Stand up Trumpkins, or die on your knees. Stop screaming "lock her up" long enough to hear the trickle of a creek or the sound of songbirds in the morning. Trade your "Grab Me Too" shirts for a pair of gloves, and start picking up plastic off our seashores. Because every time I see pictures of a dead bird or fish with a stomach full of plastic, I am sickened. How low can our miserable species get? The only thing we do well is make babies and plastic, and the Earth has too much of each.

If I hurt your feelings, I don't care, because some things are worth fighting for. If you send Saudi agents to chop me up, I just don't care. Because I have said what needed to be said, I got it off my chest, and now I have a little peace.

My gut intuition is that we humans will be the next failed species, but what is the point of blogging if I don't provide hope and solutions? So, I will tell you this, my brothers and sisters. I spend hours separating and recycling everything I can, and I know it won't make a difference, but it's one of the few ways that I can say "thank you" to this beautiful, amazing world that I live in. I support the Sierra Club when and wherever I can because they are ferocious Robin Hoods fighting against impossible odds. They have my heart, but then you Trumpkins tell me that the Sierra Club is a "cult" or "bad."
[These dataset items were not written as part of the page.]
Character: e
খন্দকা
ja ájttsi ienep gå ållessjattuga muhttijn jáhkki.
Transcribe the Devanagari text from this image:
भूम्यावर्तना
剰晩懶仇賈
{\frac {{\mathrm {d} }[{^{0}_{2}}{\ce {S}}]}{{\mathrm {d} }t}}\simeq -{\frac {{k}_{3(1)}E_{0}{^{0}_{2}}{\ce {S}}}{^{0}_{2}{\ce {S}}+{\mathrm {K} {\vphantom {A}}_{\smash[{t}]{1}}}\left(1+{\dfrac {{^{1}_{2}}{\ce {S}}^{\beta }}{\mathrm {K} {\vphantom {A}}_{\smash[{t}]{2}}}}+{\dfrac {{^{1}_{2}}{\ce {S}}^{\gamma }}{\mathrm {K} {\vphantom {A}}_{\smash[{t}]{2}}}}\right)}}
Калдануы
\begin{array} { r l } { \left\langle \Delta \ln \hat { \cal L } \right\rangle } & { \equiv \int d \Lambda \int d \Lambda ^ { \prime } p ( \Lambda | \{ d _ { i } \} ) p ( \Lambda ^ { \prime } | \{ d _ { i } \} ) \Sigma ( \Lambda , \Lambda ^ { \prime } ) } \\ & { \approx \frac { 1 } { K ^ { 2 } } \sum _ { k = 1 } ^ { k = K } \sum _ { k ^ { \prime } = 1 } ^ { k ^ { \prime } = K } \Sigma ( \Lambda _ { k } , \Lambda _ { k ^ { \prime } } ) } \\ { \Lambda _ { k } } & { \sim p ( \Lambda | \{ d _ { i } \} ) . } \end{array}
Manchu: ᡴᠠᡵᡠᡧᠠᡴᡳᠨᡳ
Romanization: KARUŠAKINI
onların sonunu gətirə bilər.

I know you get pissed when visitors sit in your pew at church because you've been sitting there for 30 years. You've been frozen faced and loyal as the preacher rambles about one capital campaign after another. You make sure that you flash that $20 bill around to impress the elderly ladies, then you let it slowly sink into the pure-brass offering plate.
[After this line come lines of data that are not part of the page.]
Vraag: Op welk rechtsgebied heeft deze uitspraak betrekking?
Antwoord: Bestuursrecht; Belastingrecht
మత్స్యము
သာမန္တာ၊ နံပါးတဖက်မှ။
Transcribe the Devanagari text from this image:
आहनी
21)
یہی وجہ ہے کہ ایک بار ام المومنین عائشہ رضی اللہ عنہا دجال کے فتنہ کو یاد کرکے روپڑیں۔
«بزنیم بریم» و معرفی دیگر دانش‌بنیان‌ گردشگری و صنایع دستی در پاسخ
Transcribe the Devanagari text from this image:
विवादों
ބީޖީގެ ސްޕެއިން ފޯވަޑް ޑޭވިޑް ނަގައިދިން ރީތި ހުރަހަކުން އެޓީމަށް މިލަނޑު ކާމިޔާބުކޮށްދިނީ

And then you judge me. You call me a Marxist, granola-eating tree hugger that is driving our country into degradation. Just because I don't think Harry Potter books are satanic and just because I don't care one iota if a man marries a man, that doesn't give you the right to look down on me. I'm not up late at night reading how Lot had sex with his daughters and then offered them to be gang raped. Oh holy ones on the white horses, that's YOUR problem to figure out. All I know is that every time I see a dead deer on the side of the road I find myself feeling again. I want to suppress those feelings and be like you, but I can't.
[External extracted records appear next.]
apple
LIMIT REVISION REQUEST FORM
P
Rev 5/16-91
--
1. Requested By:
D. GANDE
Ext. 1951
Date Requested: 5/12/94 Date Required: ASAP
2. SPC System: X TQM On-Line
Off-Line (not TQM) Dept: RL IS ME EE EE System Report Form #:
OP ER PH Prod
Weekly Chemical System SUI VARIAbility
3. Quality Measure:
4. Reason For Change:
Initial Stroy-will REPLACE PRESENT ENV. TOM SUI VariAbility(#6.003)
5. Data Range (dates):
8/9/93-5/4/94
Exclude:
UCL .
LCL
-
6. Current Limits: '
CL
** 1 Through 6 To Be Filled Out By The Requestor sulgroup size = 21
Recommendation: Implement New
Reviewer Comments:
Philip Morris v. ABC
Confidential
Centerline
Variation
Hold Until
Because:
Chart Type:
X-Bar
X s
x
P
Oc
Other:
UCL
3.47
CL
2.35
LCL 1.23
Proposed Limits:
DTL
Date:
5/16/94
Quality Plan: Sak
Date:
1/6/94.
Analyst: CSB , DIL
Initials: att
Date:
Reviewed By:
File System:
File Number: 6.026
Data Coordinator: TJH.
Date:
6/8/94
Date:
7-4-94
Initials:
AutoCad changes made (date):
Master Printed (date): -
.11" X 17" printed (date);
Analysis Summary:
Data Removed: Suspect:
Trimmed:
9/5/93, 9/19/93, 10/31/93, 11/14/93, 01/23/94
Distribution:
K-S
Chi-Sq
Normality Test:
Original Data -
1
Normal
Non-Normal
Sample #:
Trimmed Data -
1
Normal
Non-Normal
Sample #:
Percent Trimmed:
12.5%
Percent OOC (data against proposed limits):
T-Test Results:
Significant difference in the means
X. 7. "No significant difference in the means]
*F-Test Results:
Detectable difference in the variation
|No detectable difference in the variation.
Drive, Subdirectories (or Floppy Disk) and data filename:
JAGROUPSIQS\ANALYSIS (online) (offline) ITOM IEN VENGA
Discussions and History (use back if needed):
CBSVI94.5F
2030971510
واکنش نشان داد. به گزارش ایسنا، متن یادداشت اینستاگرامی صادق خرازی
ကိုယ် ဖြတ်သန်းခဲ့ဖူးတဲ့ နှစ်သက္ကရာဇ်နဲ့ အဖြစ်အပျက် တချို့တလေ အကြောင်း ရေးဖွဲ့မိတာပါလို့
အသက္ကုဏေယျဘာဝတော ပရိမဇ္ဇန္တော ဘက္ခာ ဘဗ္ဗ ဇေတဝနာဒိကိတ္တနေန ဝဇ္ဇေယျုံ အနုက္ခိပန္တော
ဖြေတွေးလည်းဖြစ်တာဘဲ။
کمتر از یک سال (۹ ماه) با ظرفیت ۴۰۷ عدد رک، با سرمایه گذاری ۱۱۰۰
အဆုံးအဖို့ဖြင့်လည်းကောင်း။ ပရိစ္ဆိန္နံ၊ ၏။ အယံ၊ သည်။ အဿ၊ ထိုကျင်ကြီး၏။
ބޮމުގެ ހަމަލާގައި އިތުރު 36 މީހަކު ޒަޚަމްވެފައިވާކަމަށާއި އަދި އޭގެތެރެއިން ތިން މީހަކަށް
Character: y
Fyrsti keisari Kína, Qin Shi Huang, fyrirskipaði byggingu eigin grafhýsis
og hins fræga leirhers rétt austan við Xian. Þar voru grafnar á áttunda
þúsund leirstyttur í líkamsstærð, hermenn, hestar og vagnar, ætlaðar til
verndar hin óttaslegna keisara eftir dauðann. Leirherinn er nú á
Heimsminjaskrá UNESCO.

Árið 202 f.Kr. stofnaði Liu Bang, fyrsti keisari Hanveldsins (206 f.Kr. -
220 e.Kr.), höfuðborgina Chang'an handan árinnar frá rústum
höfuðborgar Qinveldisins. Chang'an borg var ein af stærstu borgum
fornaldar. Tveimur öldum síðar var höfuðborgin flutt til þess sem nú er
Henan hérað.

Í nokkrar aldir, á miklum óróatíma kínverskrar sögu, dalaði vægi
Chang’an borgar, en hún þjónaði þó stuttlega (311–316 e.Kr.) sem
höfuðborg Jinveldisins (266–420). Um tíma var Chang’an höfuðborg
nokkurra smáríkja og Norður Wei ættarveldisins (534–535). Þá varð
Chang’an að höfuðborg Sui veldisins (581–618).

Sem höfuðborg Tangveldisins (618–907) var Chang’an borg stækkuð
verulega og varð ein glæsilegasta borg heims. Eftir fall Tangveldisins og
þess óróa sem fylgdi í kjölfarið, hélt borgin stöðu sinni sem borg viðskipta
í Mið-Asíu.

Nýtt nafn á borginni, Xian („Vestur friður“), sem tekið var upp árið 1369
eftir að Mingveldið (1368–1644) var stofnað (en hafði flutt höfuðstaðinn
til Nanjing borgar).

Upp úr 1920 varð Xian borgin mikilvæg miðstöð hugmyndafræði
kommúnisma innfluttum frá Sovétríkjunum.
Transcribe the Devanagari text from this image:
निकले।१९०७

As I write this the Trumpkins in Georgia have placed even more restrictions on the already-restricted abortion laws in Georgia. The state legislators waited until halfway through the session and then jumped into action to push their moral issues. They are pro-life because it's not like seal clubbing, but rather these men are going to force desperate women, often who are in dire circumstances, to have those unwanted babies. When the legislators return to their little country churches, they will be applauded as great heroes, and they'll sit up front, next to the pastor, during the morning service. They will be given laurels and the church congregation will applaud wildly, and everyone will be happy as the uterus police begin searching for violators as the church members sing uncontrollably out of their tattered hymnal books.

Look at me, Trumpkins, I am no better. I am just one struggling human who feels too much and cares too much. Not for your self-righteous campaigns and pompousness, but rather I feel for the Earth, animals, and the general failing state of our civilization.

If I could only say one thing to you, I would say, again, to stop doing things that don't amount to anything and start doing things that really matter.